- Pencarnisiog Location within Anglesey
- OS grid reference: SH 3524 7360
- • Cardiff: 132.9 mi (213.9 km)
- • London: 218.5 mi (351.6 km)
- Community: Llanfaelog;
- Principal area: Anglesey;
- Country: Wales
- Sovereign state: United Kingdom
- Post town: Tŷ Croes
- Police: North Wales
- Fire: North Wales
- Ambulance: Welsh
- UK Parliament: Ynys Môn;
- Senedd Cymru – Welsh Parliament: Ynys Môn;

= Pencarnisiog =

Pencarnisiog is a village in the community of Llanfaelog, Anglesey, Wales, which is 132.9 miles (213.8 km) from Cardiff and 218.5 miles (351.6 km) from London.

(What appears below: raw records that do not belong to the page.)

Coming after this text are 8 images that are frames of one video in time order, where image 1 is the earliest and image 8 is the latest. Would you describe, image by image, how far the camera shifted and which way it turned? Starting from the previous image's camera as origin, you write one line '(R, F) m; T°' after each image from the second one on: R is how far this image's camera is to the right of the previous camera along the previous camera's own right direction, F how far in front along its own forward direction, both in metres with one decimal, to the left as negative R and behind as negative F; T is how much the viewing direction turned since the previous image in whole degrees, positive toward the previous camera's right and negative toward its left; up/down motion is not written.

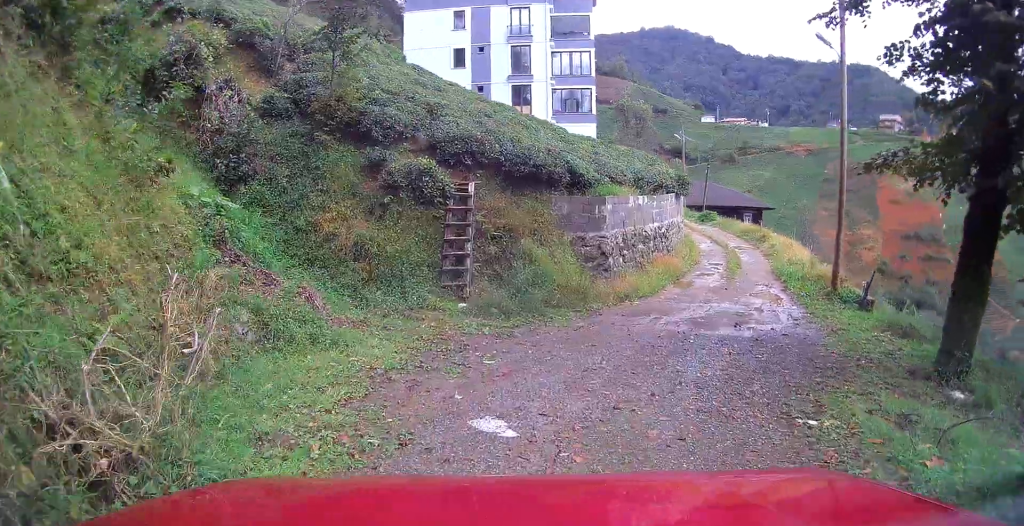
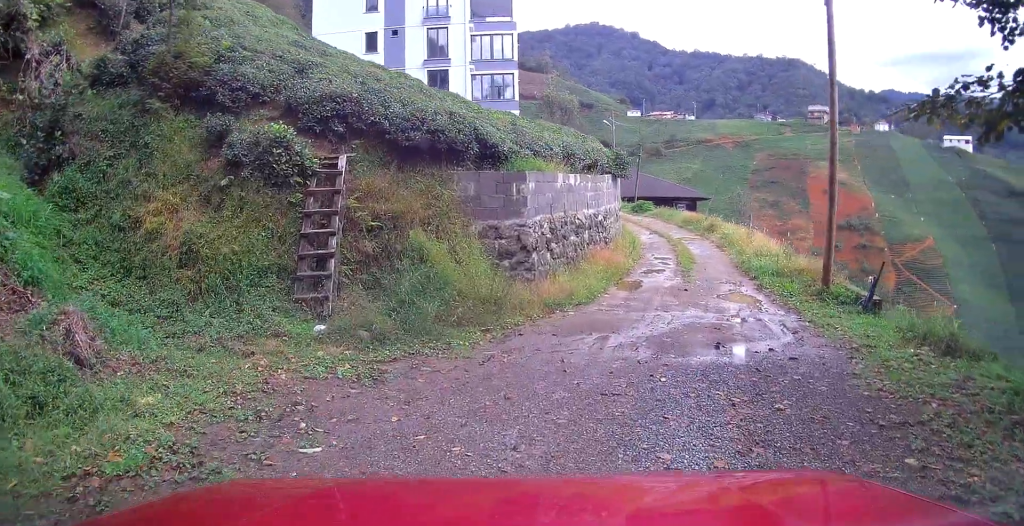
(+0.1, +3.6) m; +5°
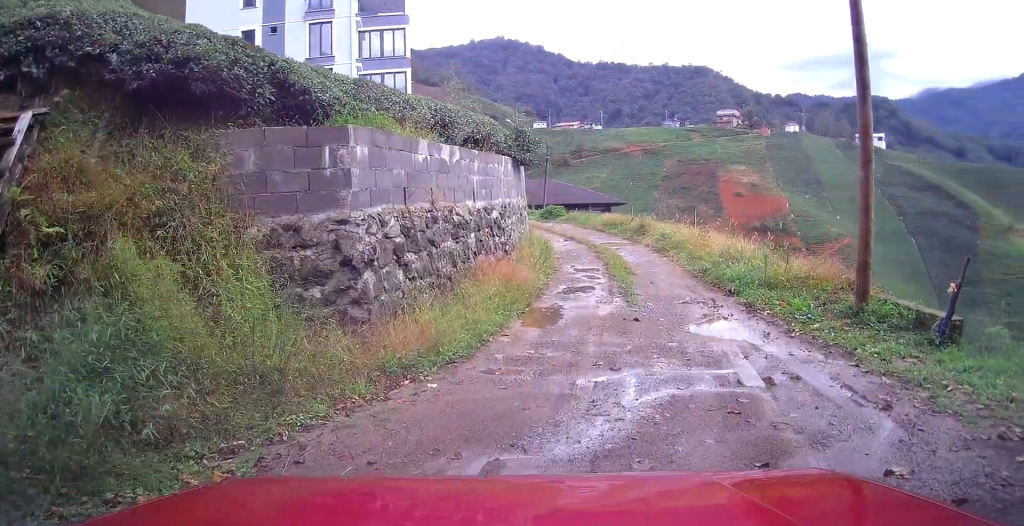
(+0.3, +4.6) m; +7°
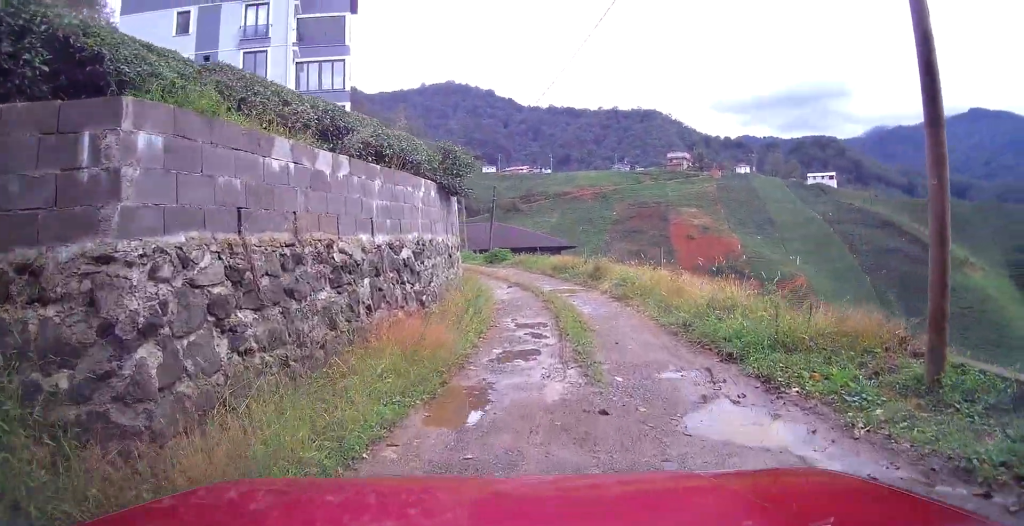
(+0.1, +2.5) m; +4°
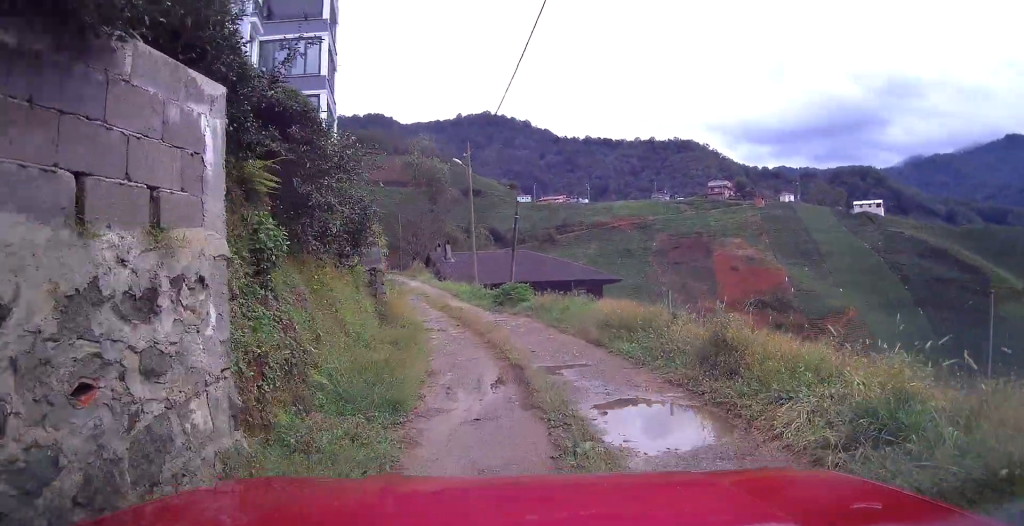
(+0.7, +10.0) m; 0°
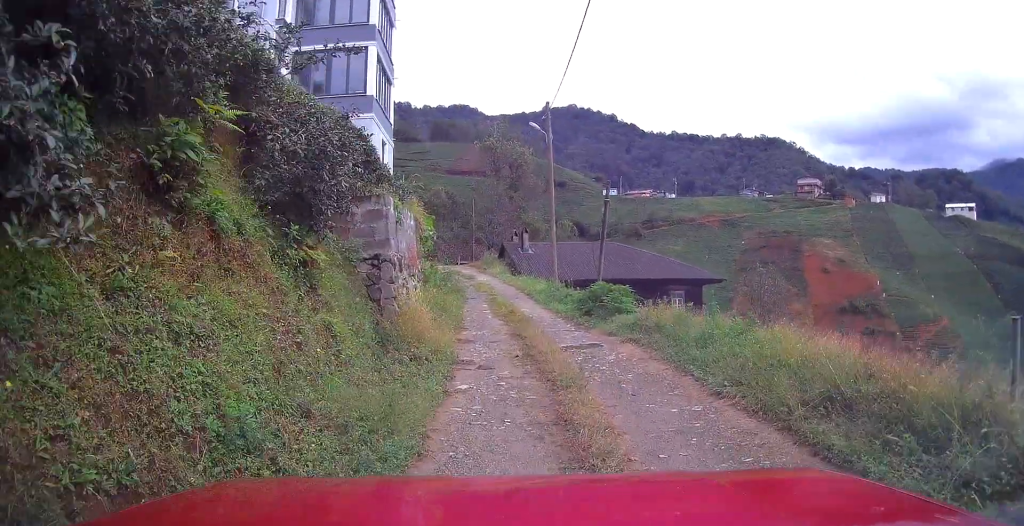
(-0.6, +5.8) m; -9°
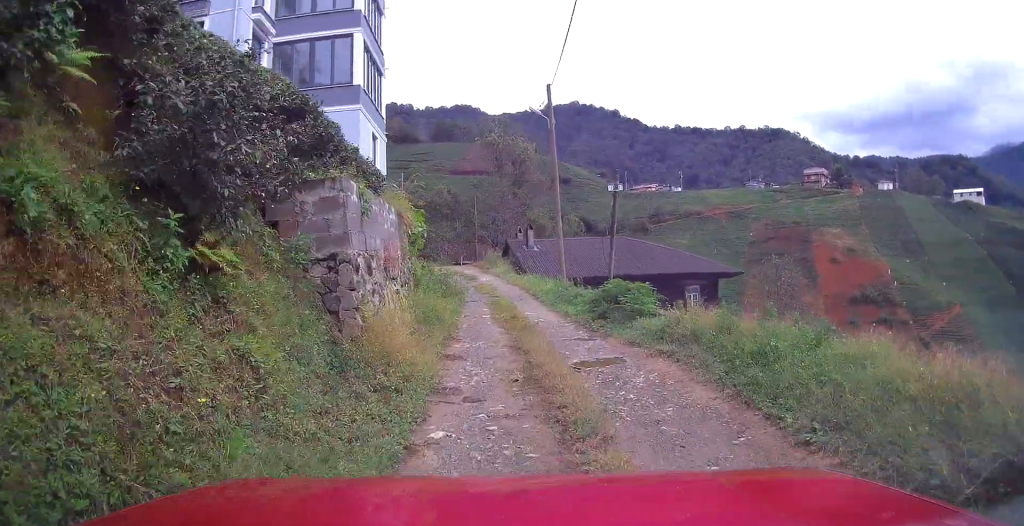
(0.0, +2.0) m; 0°
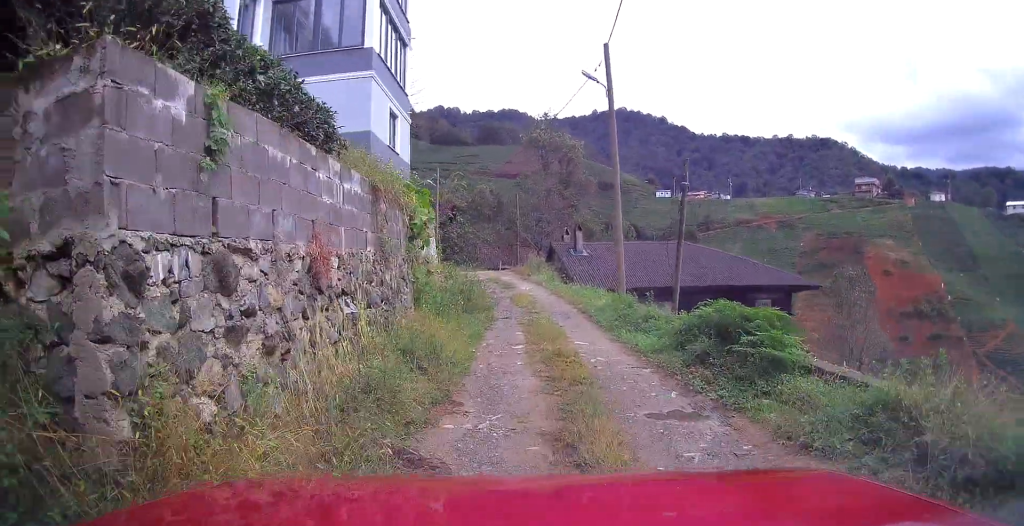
(+0.1, +4.6) m; 0°

The name "Pencarnisiog" translates to, "the head/top of the lower cairn".
There is a Welsh-medium primary school, Ysgol Gynradd Pencarnisiog, in the village, founded in 1911. As of January 2018, the school had the second highest percentage of pupils (aged 5 and over) who spoke Welsh at home in Wales, at 95.6%. In 2024, 89.8 per cent of pupils spoke Welsh at home.

On 23 September 2026, an Royal Air Force Hawk T2 jet crashed in the village, shortly after taking off from nearby RAF Valley. Both pilots ejected before the crash, with no casualties on the ground.